You don't need to pull this image, Condor will do this in the background for you. You need to have a CyVerse and a BIP account, downloaded the cyverse-sdk client (optional, but makes querying easier) and you must have created a RunApp.json, containing:

{
  "name"    : "Retrieve_BIP_Phenotypes",
  "appId"   : "Retrieve_BIP_Phenotypes-0.0.0",
  "archive" : "true",
  "parameter": {
    "param_1"   : "<the_BIP_trial_name_to_be_queried>",
    "param_2"   : "<your_BIP_API_key>

  }
}

Then, after creating an up-to-date AGAVE API token, run

Jobs-submit -W -F RunApp.json

Optional: you can include an output location, which is different from the default CyVerseUK-Storage system.

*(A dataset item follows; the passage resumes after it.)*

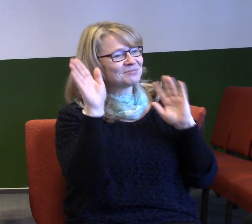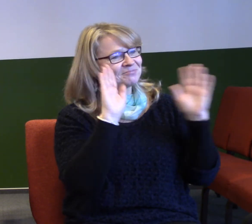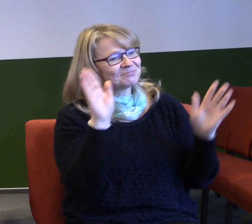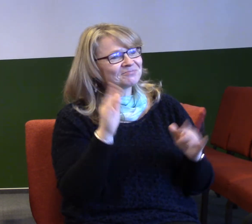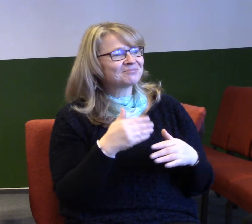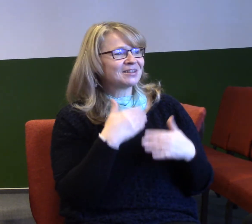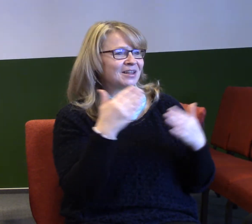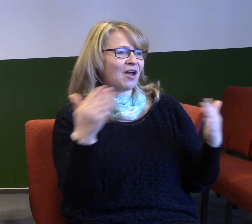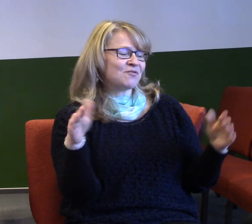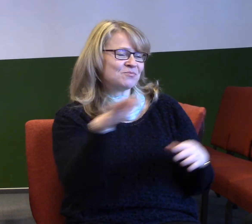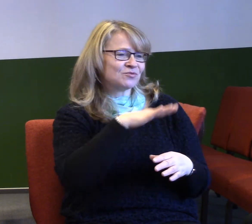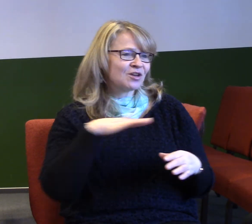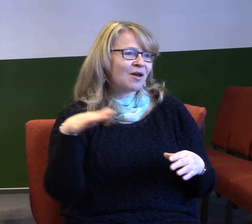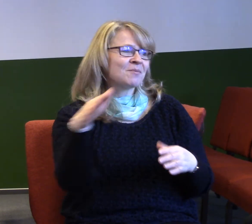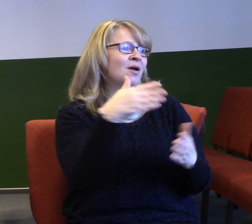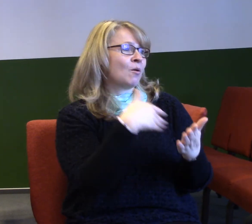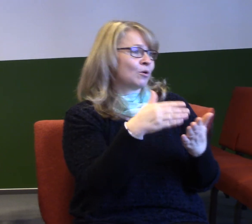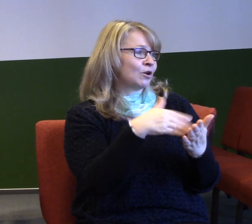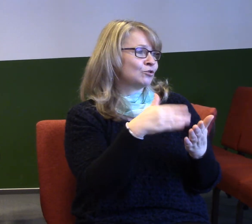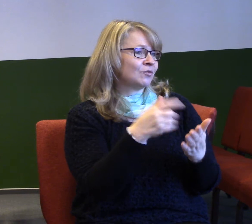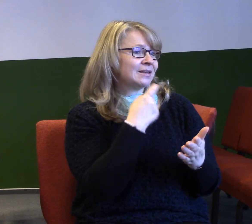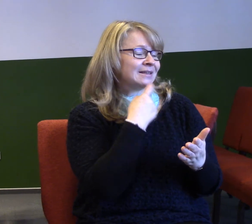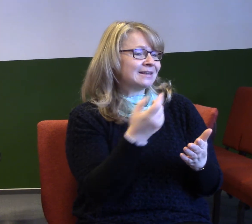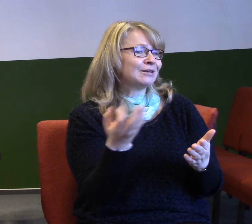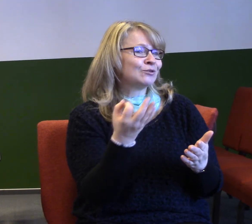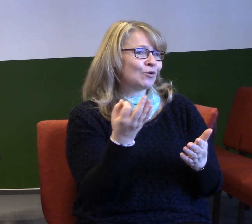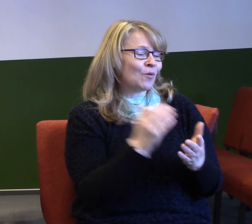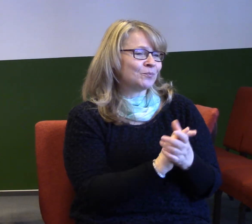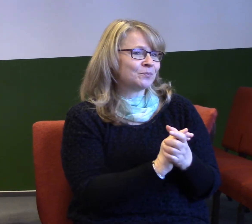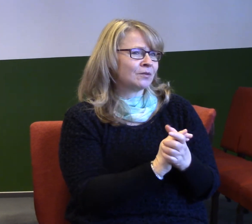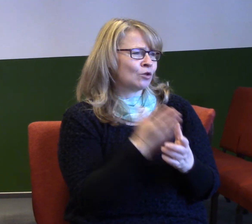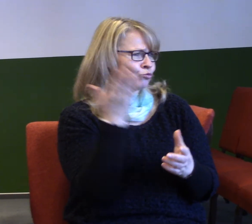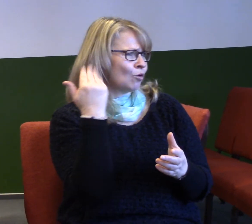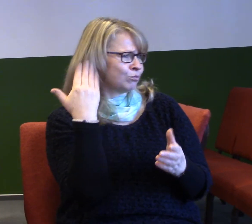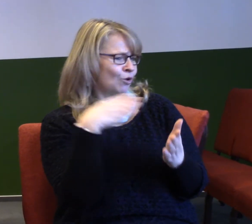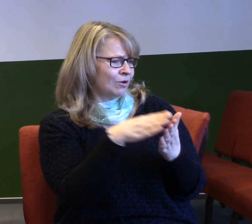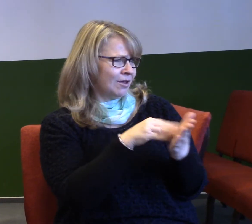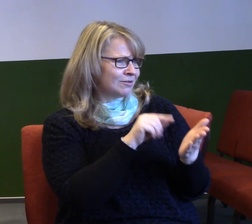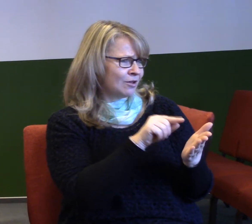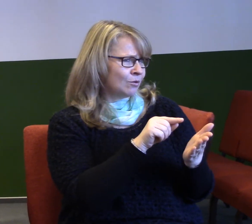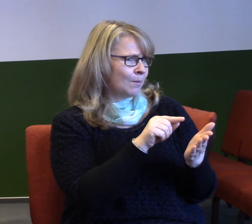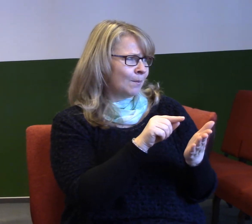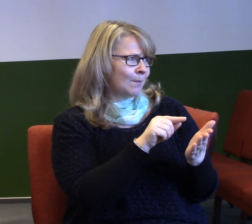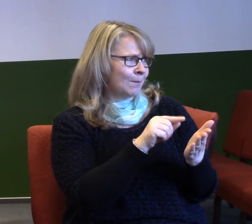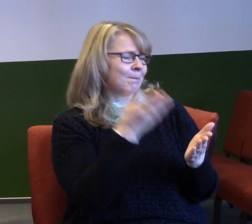Já bych chtěl pokračovat chvíli v tom, o čem jsem mluvil minulou neděli, jestli si

"archiveSystem": "data.iplantcollaborative.org",

Change to this system will make the output available for further tools and workflows in the CyVerse US and the Discovery Environment, which is currently not directly hooked-up to the CyVerseUK system. This is likely to be changed in the future, and no DE-specific archiveSystem specifications need to be mentioned in the RunApp.json.

Note: For big jobs, you need to allocate more memory. Currently, this app runs on default parameters. You do this by adding more attributes to the job submission json. A list of all attributes is in table 1, it is taken from the AGAVE API development website [job-submissions]http://developer.agaveapi.co/#job-submission).

Name Value(s) Description
name string Descriptive name of the job. This will be slugified and used as one component of directory names in certain situations.
appId string The unique name of the application being run by this job. This must be a valid application that the calling user has permission to run.
batchQueue string The batch queue on the execution system to which this job is submitted. Defaults to the app’s defaultQueue property if specified. Otherwise a best-fit algorithm is used to match the job parameters to a queue on the execution system with sufficient capabilities to run the job.
nodeCount integer The number of nodes to use when running this job. Defaults to the app’s defaultNodes property or 1 if no default is specified.
processorsPerNode integer The number of processors this application should utilize while running. Defaults to the app’s defaultProcessorsPerNode property or 1 if no default is specified. If the application is not of executionType PARALLEL, this should be 1.
memoryPerNode string The maximum amount of memory needed per node for this application to run given in ####.#[E|P|T|G]B format. Defaults to the app’s defaultMemoryPerNode property if it exists. GB are assumed if no magnitude is specified.
maxRunTime string The estimated compute time needed for this application to complete given in hh:mm:ss format. This value must be less than or equal to the max run time of the queue to which this job is assigned.
notifications* JSON array An array of one or more JSON objects describing an event and url which the service will POST to when the given event occurs. For more on Notifications, see the section on webhooks below.
archive* boolean Whether the output from this job should be archived. If true, all new files created by this application’s execution will be archived to the archivePath in the user’s default storage system.
archiveSystem* string System to which the job output should be archived. Defaults to the user’s default storage system if not specified.
archivePath* string Location where the job output should be archived. A relative path or absolute path may be specified. If not specified, a unique folder will be created in the user’s home directory of the archiveSystem at ‘archive/jobs/job-$JOB_ID’

Table 1. The optional and required attributes common to all job submissions. Optional fields are marked with an astericks.